EXERCISE BRIEF — Please transcribe, exactly and only, the lines of the records below from the one holding "STEP (ISO 10303-21)" to the very end.

:::

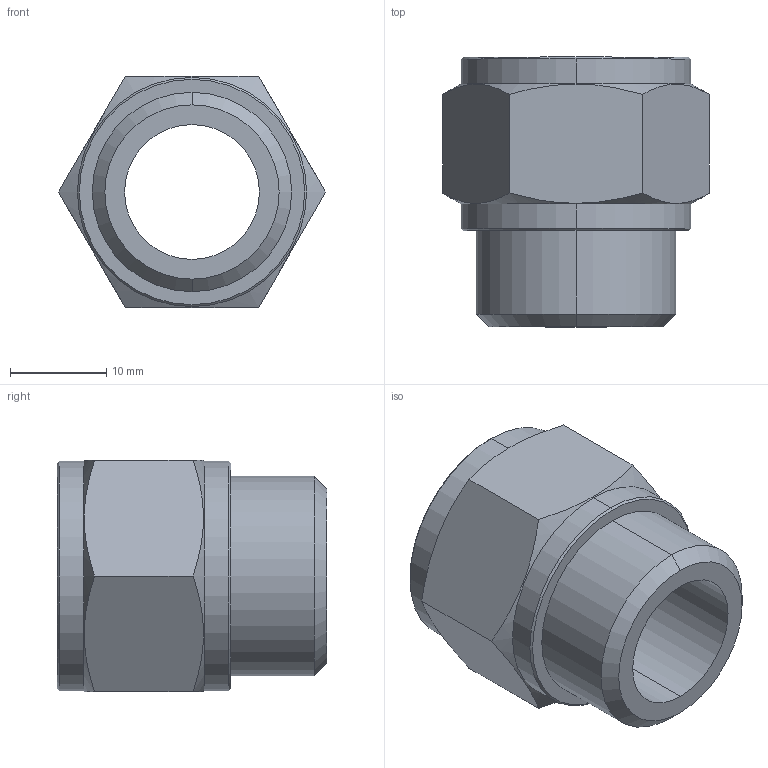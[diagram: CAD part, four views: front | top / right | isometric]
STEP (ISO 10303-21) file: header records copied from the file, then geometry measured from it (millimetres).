
FILE_DESCRIPTION(( 'RA.17.12.12.STEP' ), '1');
FILE_NAME( 'RA.17.12.12.STEP', '2018-11-09T15:46:18',( 'Sopra'),('sopra-pneumatic.com'), 'SwSTEP 2.0','SolidWorks 2009','' );
FILE_SCHEMA (( 'CONFIG_CONTROL_DESIGN' ));
Length unit declared in the file: millimetre
Products named in the file (1): 05070404
Bounding box: 27.71 x 28 x 24 mm (x, y, z)
Volume: 5651.9 mm3; surface area: 4048.9 mm2
Topology: 1 solids, 1 shells, 33 faces, 74 edges, 44 vertices
Faces by surface type: cone 14, cylinder 10, plane 9
Entity records: 1093 total; most frequent: CARTESIAN_POINT 288, DIRECTION 154, ORIENTED_EDGE 148, EDGE_CURVE 74, AXIS2_PLACEMENT_3D 62, VERTEX_POINT 44, EDGE_LOOP 36, ADVANCED_FACE 33

:::

SOLUTION FOR THIS PROBLEM —
STEP (ISO 10303-21) file: header records copied from the file, then geometry measured from it (millimetres).
FILE_DESCRIPTION(( 'RA.17.12.12.STEP' ), '1');
FILE_NAME( 'RA.17.12.12.STEP', '2018-11-09T15:46:18',( 'Sopra'),('sopra-pneumatic.com'), 'SwSTEP 2.0','SolidWorks 2009','' );
FILE_SCHEMA (( 'CONFIG_CONTROL_DESIGN' ));
Length unit declared in the file: millimetre
Products named in the file (1): 05070404
Bounding box: 27.71 x 28 x 24 mm (x, y, z)
Volume: 5651.9 mm3; surface area: 4048.9 mm2
Topology: 1 solids, 1 shells, 33 faces, 74 edges, 44 vertices
Faces by surface type: cone 14, cylinder 10, plane 9
Entity records: 1093 total; most frequent: CARTESIAN_POINT 288, DIRECTION 154, ORIENTED_EDGE 148, EDGE_CURVE 74, AXIS2_PLACEMENT_3D 62, VERTEX_POINT 44, EDGE_LOOP 36, ADVANCED_FACE 33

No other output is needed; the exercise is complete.